Il y a un an, avant la téléportation, le RM92 recevait "à l'ancienne" dans son centre d'entraînement bidouillé de la Croix-de-Berny, à Antony (Hauts-de-Seine). Guère éloigné géographiquement mais remisé désormais dans une galaxie lointaine, très lointaine : l'ancienne buvette fleurait bon le resto routier, et l'espace de vie des joueurs était encastré entre deux Algeco. La mutation génétique est sidérante : le nouveau camp de base se visite comme une expo futuriste.

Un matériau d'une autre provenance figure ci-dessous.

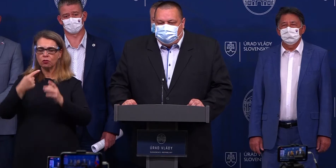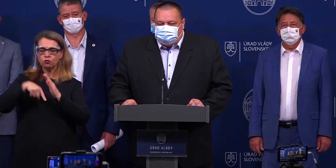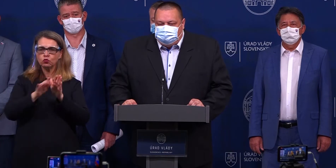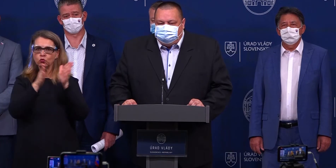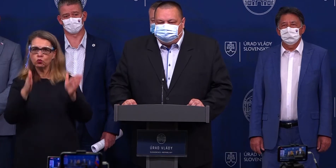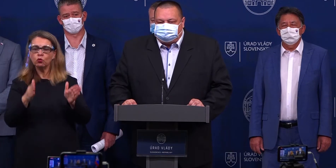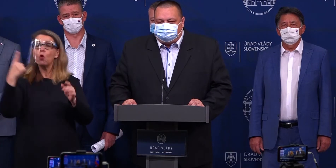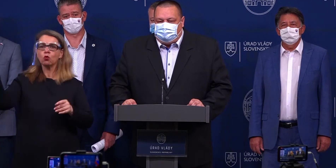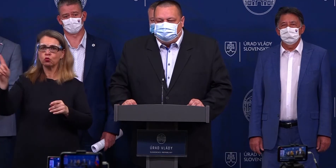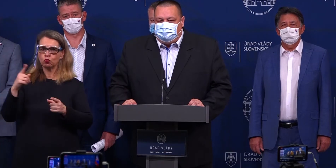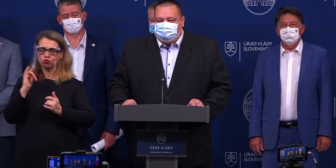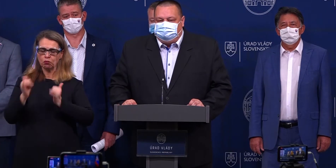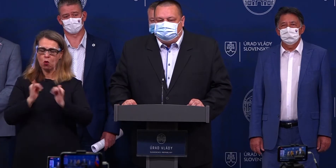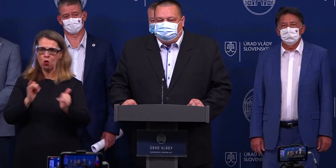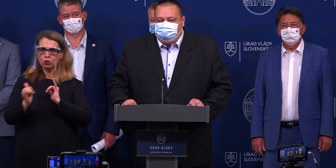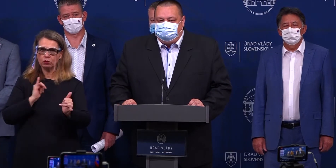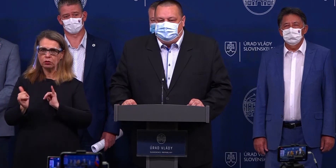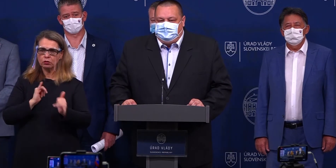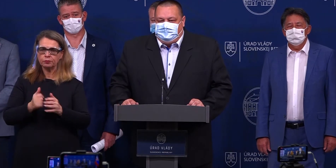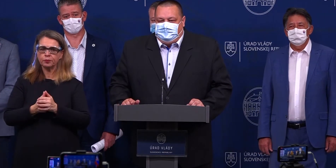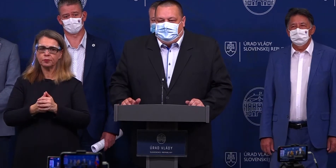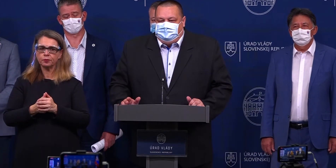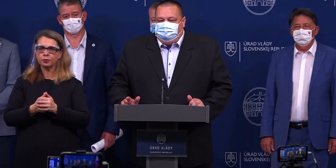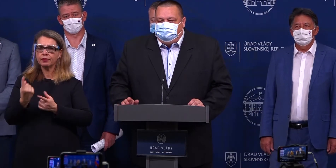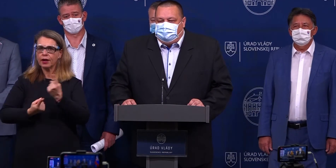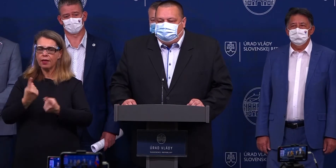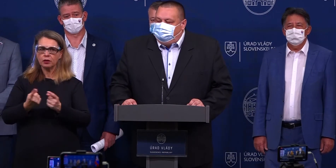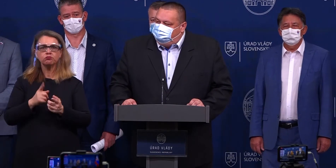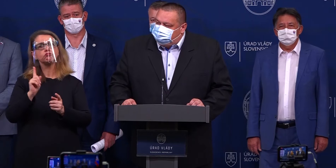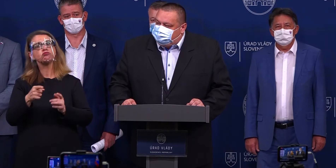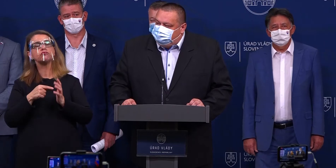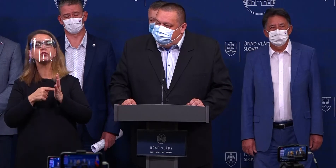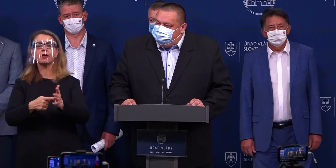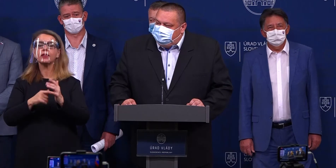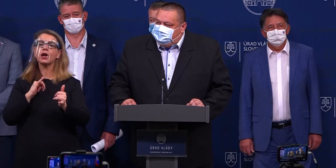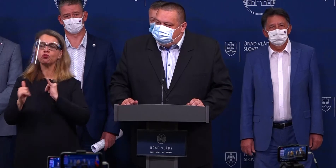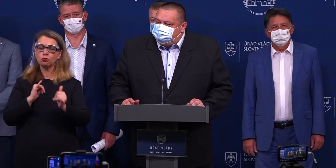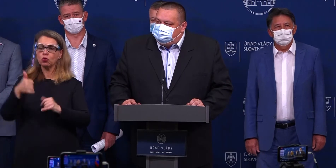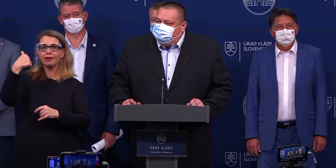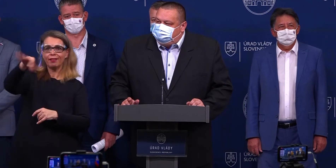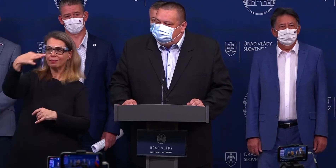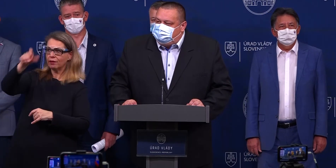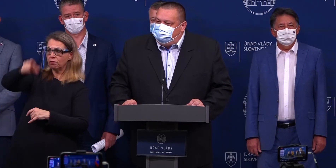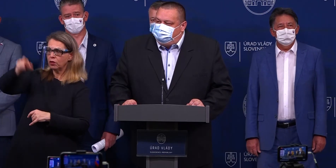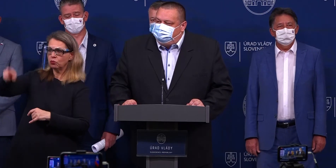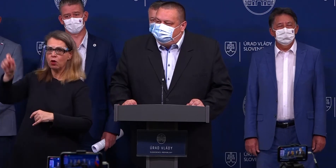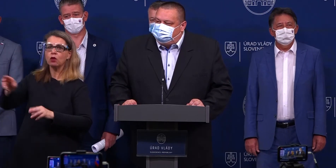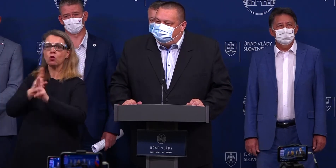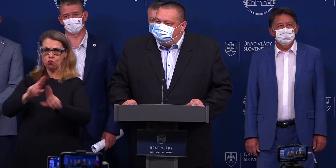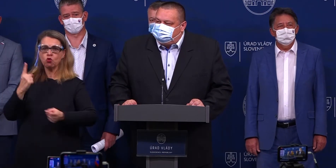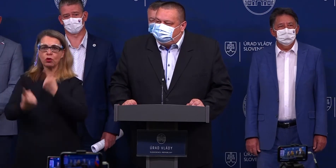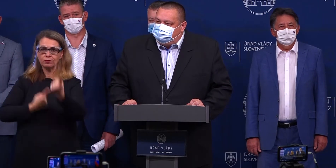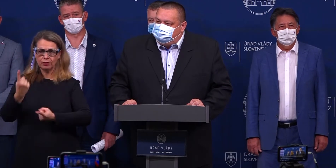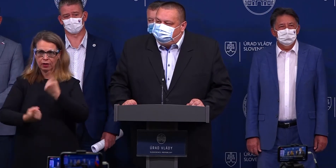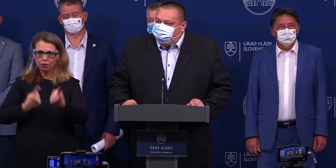športu, tak individuálne môžu trénovať. Samozrejme, za podmienok,

Les salles de muscu sont high-tech, les terrains d'entraînement multiples et synthétiques, la salle de vie est un loft suprême. Il y a aussi un lycée intégré pour les jeunes pousses du centre de formation. Rassemblée en un même lieu, une petite cité de la performance unique en son genre. Même le déjeuner chiquissime - servi dans le restaurant du club au ras de la pelouse du stade d'entraînement à des "costumes cravatés", comme autant de partenaires du club -, paraît un brin déconnecté de la réalité cassoulet-haricots du rugby des familles. Mais il va falloir s'y habituer. "C'est l'heure du Racing", nous rabâche-t-on depuis le début de la saison. Il est déjà le club le plus médiatisé de ce début de championnat malgré un certain retard à l'allumage. "On ne joue pas encore comme on devrait jouer mais ça vient doucement", admet Luc Ducalcon, pilier international.
SUPERPRODUCTION
Il n'y a qu'à voir le recrutement digne d'une superproduction hollywoodienne. Durant l'intersaison, le RM92 a réussi à débaucher le duo d'entraîneurs champion de France en titre, les ex-Castrais Laurent Labit et Laurent Travers. Ainsi que 16 joueurs de calibre mondial, dont l'ouvreur irlandais Jonathan Sexton (36 sélections), le centre gallois Jamie Roberts (53 sélections), le deuxième-ligne sud-africain Juandré Kruger (13 sélections) le troisième-ligne gallois Dan Lydiate (27 sélections) et les ailiers français Marc Andreu (7 sélections) et Adrien Planté (2 sélections), le troisième-ligne Wenceslas Lauret (3 sélections)... Tout ce beau linge aimanté par l'un des trois plus épais budgets du Top 14 (23,5 millions d'euros).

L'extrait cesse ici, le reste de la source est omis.